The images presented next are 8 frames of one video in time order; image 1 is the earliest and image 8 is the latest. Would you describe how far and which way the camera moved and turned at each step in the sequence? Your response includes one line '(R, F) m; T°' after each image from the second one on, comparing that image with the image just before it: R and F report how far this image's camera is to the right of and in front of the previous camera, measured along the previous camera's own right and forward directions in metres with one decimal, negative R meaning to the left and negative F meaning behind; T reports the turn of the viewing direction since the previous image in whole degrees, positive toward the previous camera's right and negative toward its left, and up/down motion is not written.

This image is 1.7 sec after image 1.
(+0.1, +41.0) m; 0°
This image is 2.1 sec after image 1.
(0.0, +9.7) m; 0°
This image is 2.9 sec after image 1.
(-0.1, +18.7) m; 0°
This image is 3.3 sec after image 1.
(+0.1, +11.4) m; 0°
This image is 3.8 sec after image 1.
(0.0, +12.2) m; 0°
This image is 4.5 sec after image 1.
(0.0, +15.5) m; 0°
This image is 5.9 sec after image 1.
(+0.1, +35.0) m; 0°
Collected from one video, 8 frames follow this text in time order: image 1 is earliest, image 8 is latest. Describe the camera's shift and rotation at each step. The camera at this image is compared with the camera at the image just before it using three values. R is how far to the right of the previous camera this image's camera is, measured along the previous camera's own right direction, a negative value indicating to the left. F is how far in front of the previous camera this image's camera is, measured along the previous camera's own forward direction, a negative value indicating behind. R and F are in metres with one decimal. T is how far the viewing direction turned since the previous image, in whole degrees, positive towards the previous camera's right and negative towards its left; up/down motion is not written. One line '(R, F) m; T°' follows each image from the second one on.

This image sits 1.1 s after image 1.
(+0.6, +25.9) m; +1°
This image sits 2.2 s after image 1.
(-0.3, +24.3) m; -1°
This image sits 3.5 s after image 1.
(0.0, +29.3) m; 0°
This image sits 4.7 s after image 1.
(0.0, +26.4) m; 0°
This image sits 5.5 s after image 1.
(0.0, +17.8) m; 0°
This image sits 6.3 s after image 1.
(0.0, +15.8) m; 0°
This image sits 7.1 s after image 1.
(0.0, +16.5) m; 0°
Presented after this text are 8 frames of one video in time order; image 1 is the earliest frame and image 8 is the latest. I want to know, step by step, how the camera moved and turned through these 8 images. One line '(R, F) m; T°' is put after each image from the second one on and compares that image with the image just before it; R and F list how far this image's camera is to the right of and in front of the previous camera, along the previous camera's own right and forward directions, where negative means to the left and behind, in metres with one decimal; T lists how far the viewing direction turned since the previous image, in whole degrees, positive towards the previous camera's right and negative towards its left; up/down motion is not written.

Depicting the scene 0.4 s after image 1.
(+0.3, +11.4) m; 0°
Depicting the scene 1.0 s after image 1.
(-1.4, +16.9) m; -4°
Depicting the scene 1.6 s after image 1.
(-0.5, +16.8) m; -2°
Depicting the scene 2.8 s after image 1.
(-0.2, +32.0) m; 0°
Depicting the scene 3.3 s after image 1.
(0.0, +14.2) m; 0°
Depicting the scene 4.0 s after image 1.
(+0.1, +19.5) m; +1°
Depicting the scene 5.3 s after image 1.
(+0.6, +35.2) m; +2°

▸ **What is required**
Would you reproduce the full listing shown above, word for word?

▸ **Task solution**
The images presented next are 8 frames of one video in time order; image 1 is the earliest and image 8 is the latest. Would you describe how far and which way the camera moved and turned at each step in the sequence? Your response includes one line '(R, F) m; T°' after each image from the second one on, comparing that image with the image just before it: R and F report how far this image's camera is to the right of and in front of the previous camera, measured along the previous camera's own right and forward directions in metres with one decimal, negative R meaning to the left and negative F meaning behind; T reports the turn of the viewing direction since the previous image in whole degrees, positive toward the previous camera's right and negative toward its left, and up/down motion is not written.

This image is 1.7 sec after image 1.
(+0.1, +41.0) m; 0°
This image is 2.1 sec after image 1.
(0.0, +9.7) m; 0°
This image is 2.9 sec after image 1.
(-0.1, +18.7) m; 0°
This image is 3.3 sec after image 1.
(+0.1, +11.4) m; 0°
This image is 3.8 sec after image 1.
(0.0, +12.2) m; 0°
This image is 4.5 sec after image 1.
(0.0, +15.5) m; 0°
This image is 5.9 sec after image 1.
(+0.1, +35.0) m; 0°
Collected from one video, 8 frames follow this text in time order: image 1 is earliest, image 8 is latest. Describe the camera's shift and rotation at each step. The camera at this image is compared with the camera at the image just before it using three values. R is how far to the right of the previous camera this image's camera is, measured along the previous camera's own right direction, a negative value indicating to the left. F is how far in front of the previous camera this image's camera is, measured along the previous camera's own forward direction, a negative value indicating behind. R and F are in metres with one decimal. T is how far the viewing direction turned since the previous image, in whole degrees, positive towards the previous camera's right and negative towards its left; up/down motion is not written. One line '(R, F) m; T°' follows each image from the second one on.

This image sits 1.1 s after image 1.
(+0.6, +25.9) m; +1°
This image sits 2.2 s after image 1.
(-0.3, +24.3) m; -1°
This image sits 3.5 s after image 1.
(0.0, +29.3) m; 0°
This image sits 4.7 s after image 1.
(0.0, +26.4) m; 0°
This image sits 5.5 s after image 1.
(0.0, +17.8) m; 0°
This image sits 6.3 s after image 1.
(0.0, +15.8) m; 0°
This image sits 7.1 s after image 1.
(0.0, +16.5) m; 0°
Presented after this text are 8 frames of one video in time order; image 1 is the earliest frame and image 8 is the latest. I want to know, step by step, how the camera moved and turned through these 8 images. One line '(R, F) m; T°' is put after each image from the second one on and compares that image with the image just before it; R and F list how far this image's camera is to the right of and in front of the previous camera, along the previous camera's own right and forward directions, where negative means to the left and behind, in metres with one decimal; T lists how far the viewing direction turned since the previous image, in whole degrees, positive towards the previous camera's right and negative towards its left; up/down motion is not written.

Depicting the scene 0.4 s after image 1.
(+0.3, +11.4) m; 0°
Depicting the scene 1.0 s after image 1.
(-1.4, +16.9) m; -4°
Depicting the scene 1.6 s after image 1.
(-0.5, +16.8) m; -2°
Depicting the scene 2.8 s after image 1.
(-0.2, +32.0) m; 0°
Depicting the scene 3.3 s after image 1.
(0.0, +14.2) m; 0°
Depicting the scene 4.0 s after image 1.
(+0.1, +19.5) m; +1°
Depicting the scene 5.3 s after image 1.
(+0.6, +35.2) m; +2°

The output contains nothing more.